2. Verminderen administratieve lasten
Vervolgens pleiten Verenso en de NVAVG voor het verminderen van administratieve lasten, door meer maatwerk mogelijk te maken binnen het Wzd stappenplan. Daarmee hoeft het bijvoorbeeld niet voor de hand te liggen om dezelfde zware procedure in te zetten voor lichtere vormen van onvrijwillige zorg ten opzichte van zware vormen.
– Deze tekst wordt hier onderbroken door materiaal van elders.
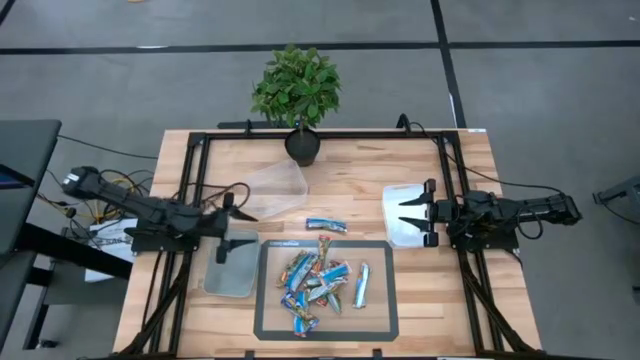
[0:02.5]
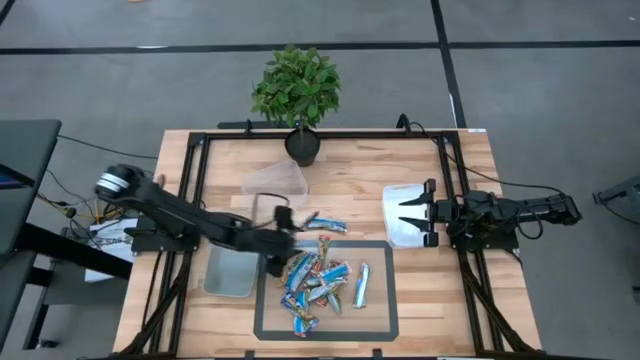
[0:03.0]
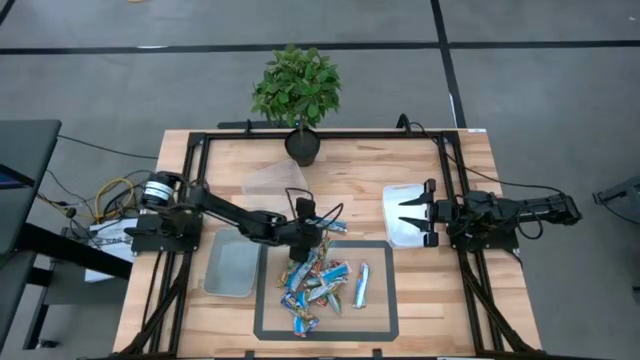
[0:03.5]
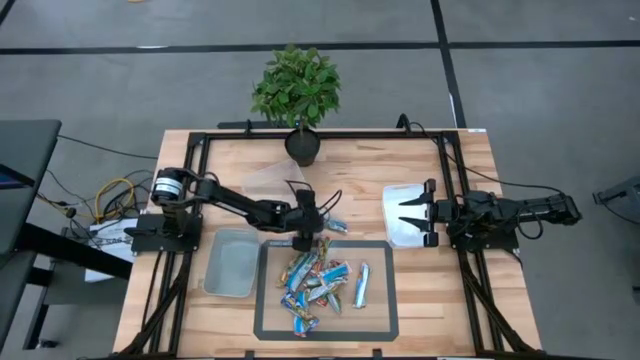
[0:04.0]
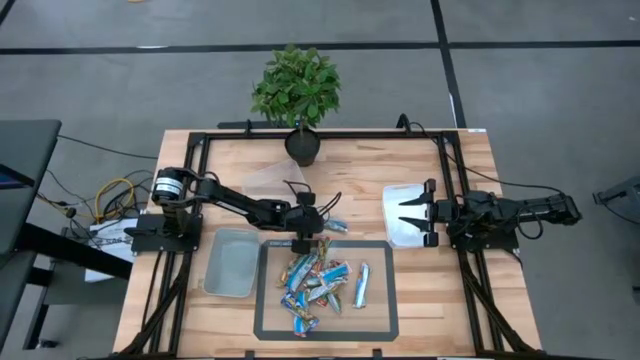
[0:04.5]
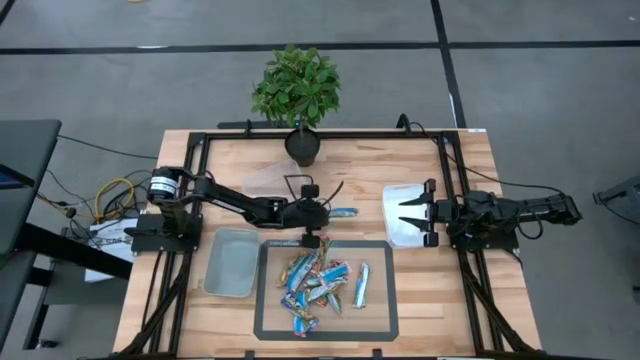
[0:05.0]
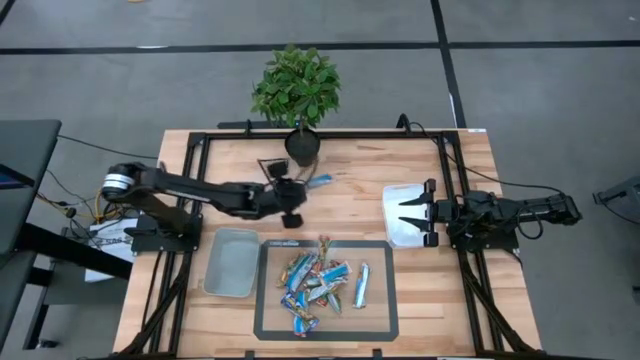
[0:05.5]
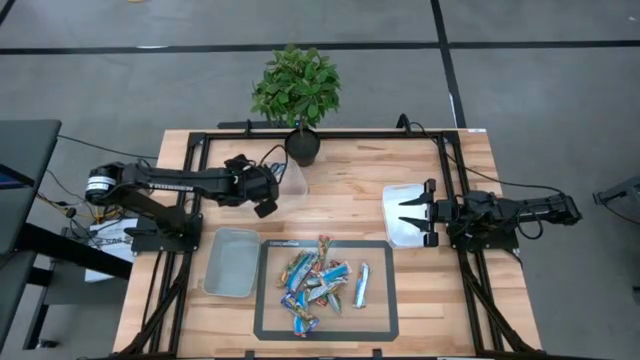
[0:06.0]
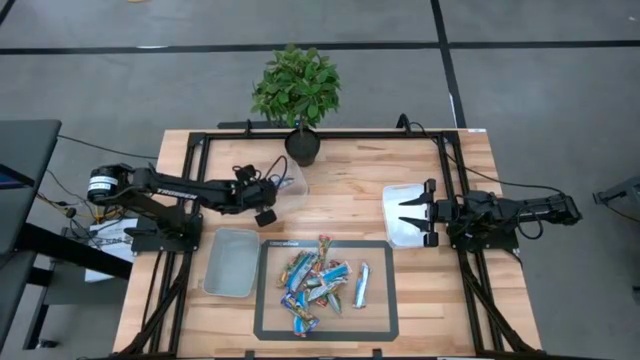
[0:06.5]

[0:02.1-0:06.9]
Task: Pick and place Granola Bars by type
Put the blue granola bar into the transparent bin

Verenso en de NVAVG stellen ook voor om de mogelijkheid te geven om een externe deskundige uit de eigen organisatie in te schakelen, mits deze minimaal 1 jaar niet bij de zorg betrokken is (vergelijkbaar met de eisen voor de arts die een medische verklaring mag opstellen). De beide beroepsverenigingen vinden dat we terug moeten naar de intentie van de wet waarbij de patiënt weer voorop staat. De komende tijd zal, ook op verzoek van VWS, worden benut om kritisch te verkennen waar het stappenplan vereenvoudigd en/of versoepeld kan worden.
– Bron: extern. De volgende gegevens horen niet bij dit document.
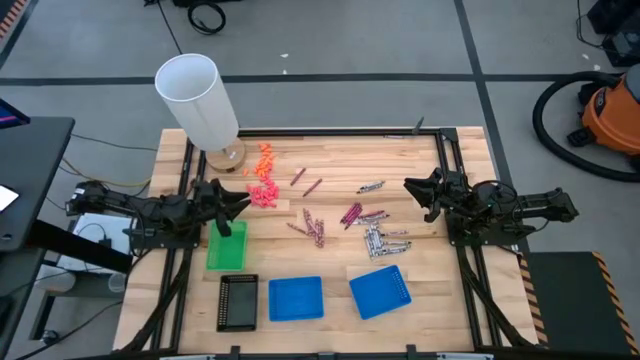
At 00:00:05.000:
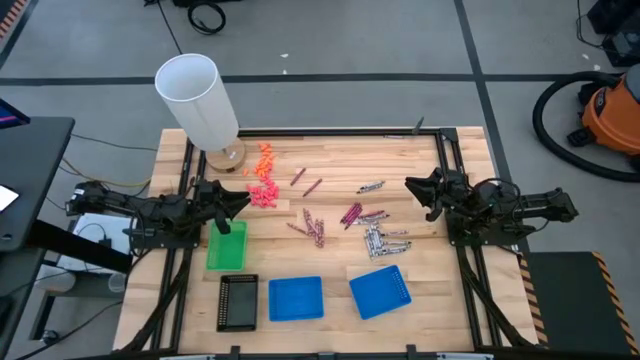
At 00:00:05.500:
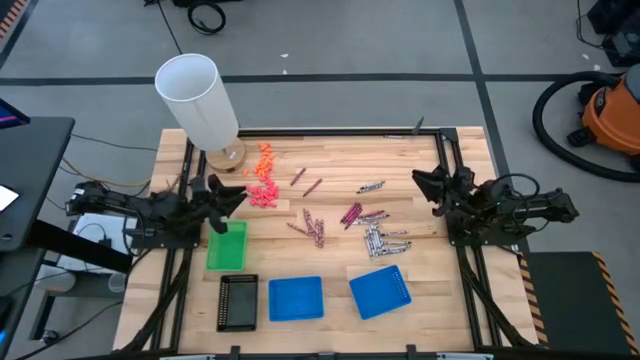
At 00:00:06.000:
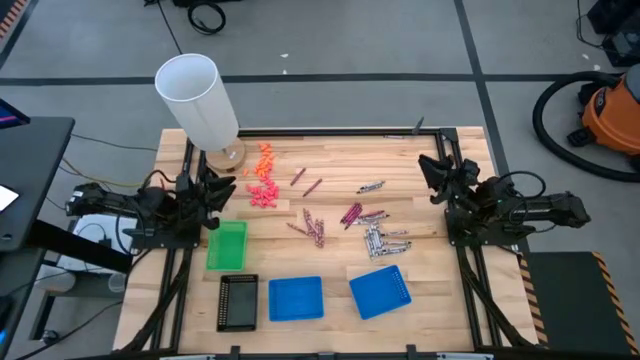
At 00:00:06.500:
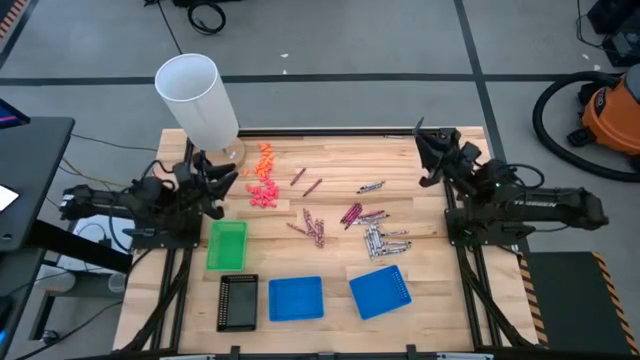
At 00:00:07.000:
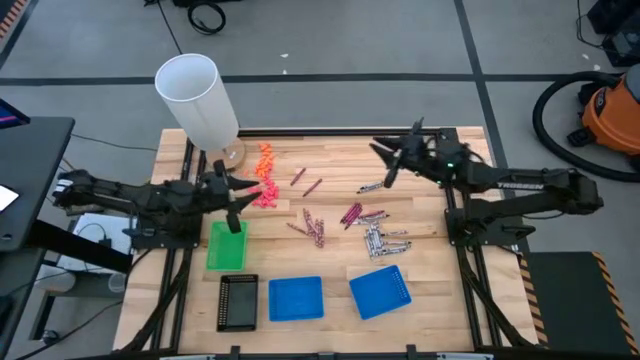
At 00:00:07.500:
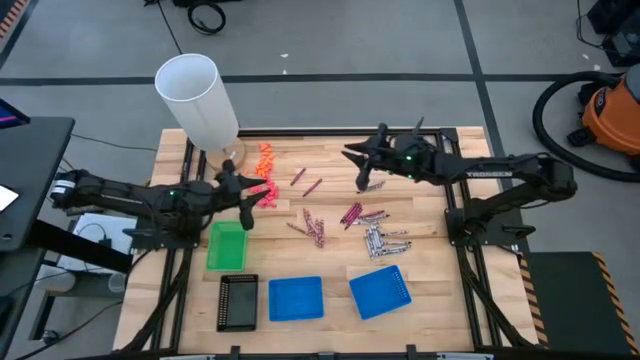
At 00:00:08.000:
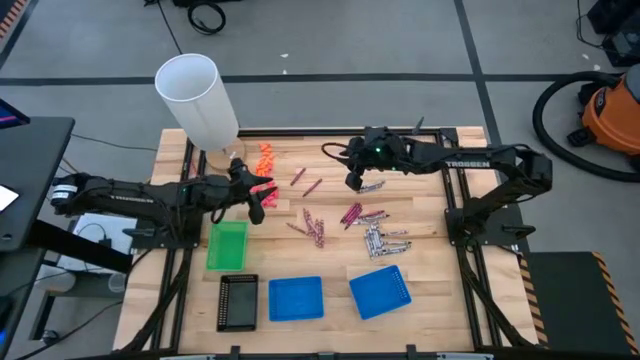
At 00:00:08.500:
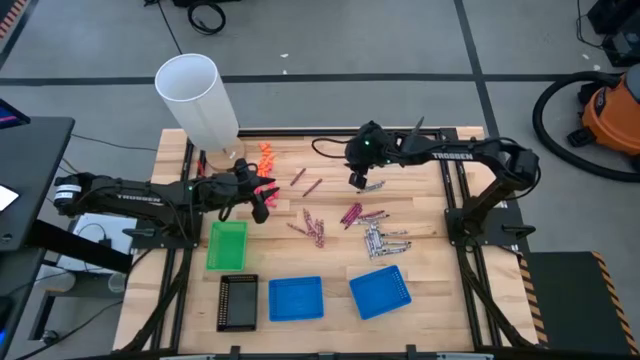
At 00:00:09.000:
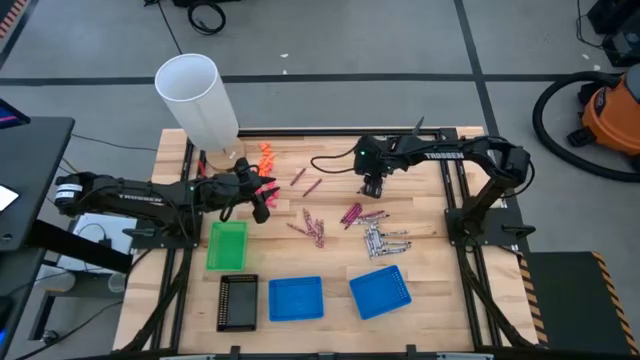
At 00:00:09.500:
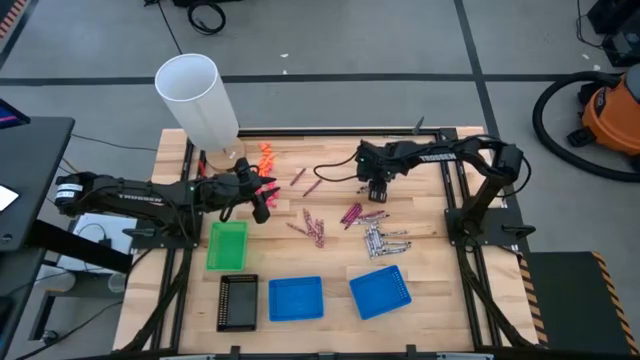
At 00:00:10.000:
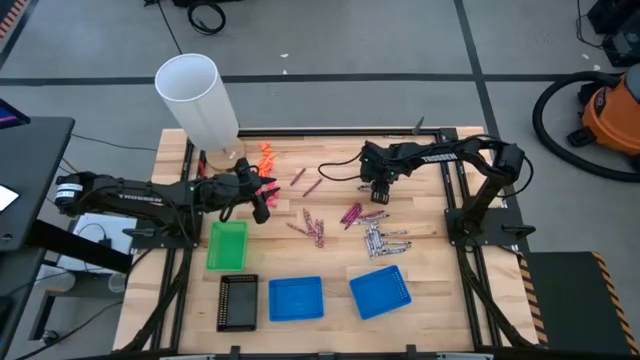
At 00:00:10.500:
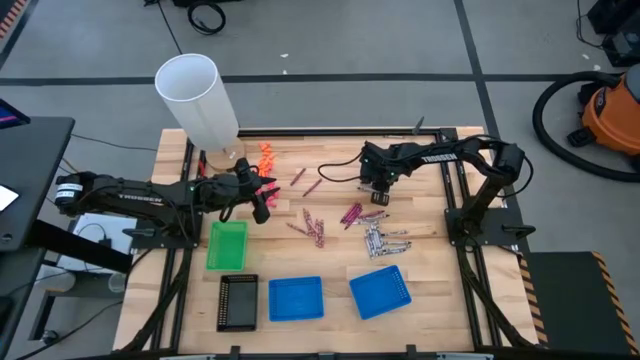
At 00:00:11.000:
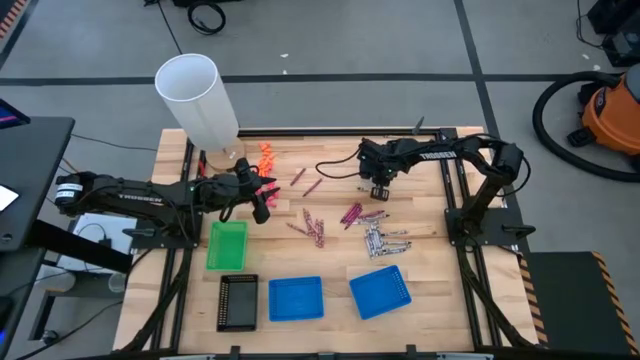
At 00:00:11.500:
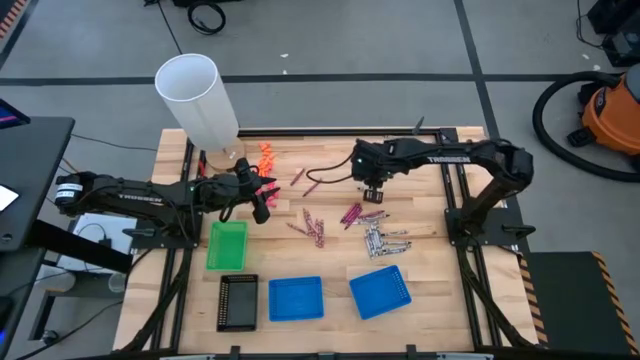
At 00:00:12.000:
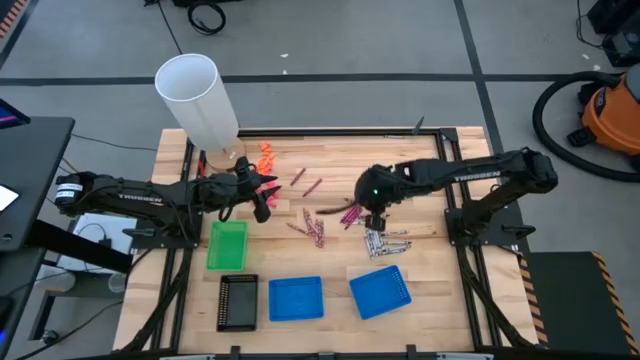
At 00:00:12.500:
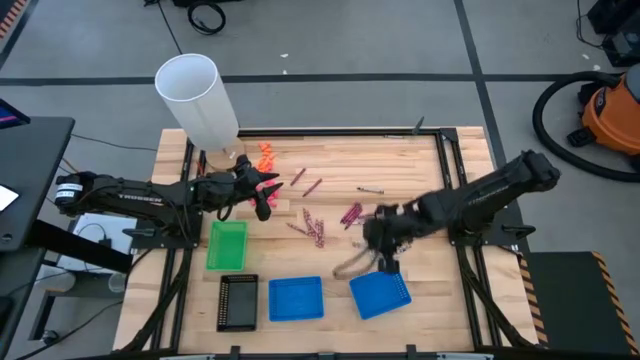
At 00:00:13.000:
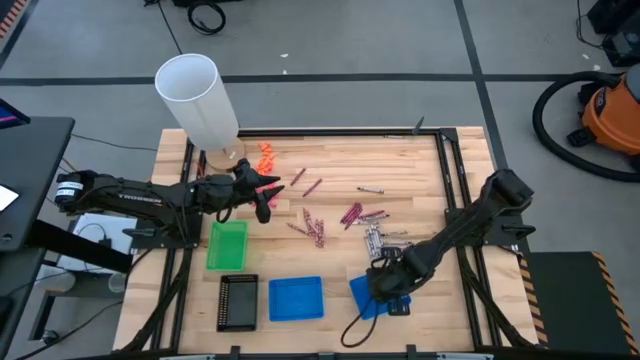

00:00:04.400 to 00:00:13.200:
Task: Sort crayons
Put the black crayon into the right blue basket

Overweeg één wettelijke regeling met eenvoudige procedures
en minimale administratieve lasten
Verenso en de NVAVG hebben in juni dit jaar in het kader van de Reparatiewet voor de Wzd gewezen op het verminderen van administratieve lasten voor specialisten ouderengeneeskunde en artsen voor verstandelijk gehandicapten. Op verschillende punten heeft dit effect gehad, doordat de Tweede Kamer diverse amendementen heeft aangenomen die de uitvoerbaarheid op onderdelen verlicht. Een daarvan betreft het amendement dat de extern deskundige weliswaar onafhankelijk moet zijn -dus niet de behandelend arts- maar deze binnen de eigen zorgorganisatie gezocht mag worden. Als ook de Eerste Kamer hiermee instemt, zal deze aanpassing ingevoerd worden.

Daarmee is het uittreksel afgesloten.